- The stator is the stationary portion of the motor and delivers a rotating magnetic field to interact with the rotor. One or more copper windings make up a "pole" within the stator, and there is always an even number of poles within a motor. The electric current alternates through the poles, resulting in a rotating magnetic field.
- The rotor turns based on the current input to the stator of a three-phase induction motor.
The rotor is the central component of the motor, and is fixed to the shaft. The rotor is generally constructed of copper or aluminum strips attached at each end to a circular fixture. This configuration is called a "squirrel cage rotor" because of its appearance. The magnetic field generated by the stator induces a current in the rotor, which then creates its own magnetic field. The interaction of the magnetic fields in the stator and rotor results in a mechanical torque of the rotor. In some induction motors, the copper bars are replaced with slip rings and copper windings that behave in the same way. - The motor shaft is fixed within the rotor, and rotates with it. The shaft extends outside of the motor casing, and allows a connection to an outside system to transmit the rotational power. The shaft is sized to the amount of torque the motor puts out to avoid breaking the shaft.

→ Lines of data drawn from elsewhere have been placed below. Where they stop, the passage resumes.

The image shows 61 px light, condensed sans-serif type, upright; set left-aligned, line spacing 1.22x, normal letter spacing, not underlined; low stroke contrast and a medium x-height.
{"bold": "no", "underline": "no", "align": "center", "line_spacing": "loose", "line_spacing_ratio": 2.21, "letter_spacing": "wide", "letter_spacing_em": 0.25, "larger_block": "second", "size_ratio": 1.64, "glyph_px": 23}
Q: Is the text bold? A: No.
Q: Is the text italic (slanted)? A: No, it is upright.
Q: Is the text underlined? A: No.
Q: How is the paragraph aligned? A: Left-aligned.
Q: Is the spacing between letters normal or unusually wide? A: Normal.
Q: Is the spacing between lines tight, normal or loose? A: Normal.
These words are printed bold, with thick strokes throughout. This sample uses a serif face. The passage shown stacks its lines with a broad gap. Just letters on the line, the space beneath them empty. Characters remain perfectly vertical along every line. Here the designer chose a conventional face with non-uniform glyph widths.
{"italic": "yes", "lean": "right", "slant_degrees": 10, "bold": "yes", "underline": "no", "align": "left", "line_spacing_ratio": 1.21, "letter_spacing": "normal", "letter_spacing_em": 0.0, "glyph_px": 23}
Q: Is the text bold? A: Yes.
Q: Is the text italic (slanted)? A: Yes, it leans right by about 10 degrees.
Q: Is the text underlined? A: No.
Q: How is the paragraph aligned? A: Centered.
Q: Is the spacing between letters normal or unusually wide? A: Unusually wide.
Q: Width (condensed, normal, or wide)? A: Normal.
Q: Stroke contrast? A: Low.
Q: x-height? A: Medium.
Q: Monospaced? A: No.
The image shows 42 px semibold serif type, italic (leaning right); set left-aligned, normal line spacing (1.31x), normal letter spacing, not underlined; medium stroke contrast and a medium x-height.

- The rotor shaft is held in place by bearings at either end of the motor casing. The bearings minimize the friction of the shaft connection to the casing, increasing the efficiency of the motor.
- The casing of the induction motor contains all of the motor components, provides electrical connections and allows for ventilation of the motor parts to reduce heat buildup. The casing design often includes fins to assist with heat dissipation.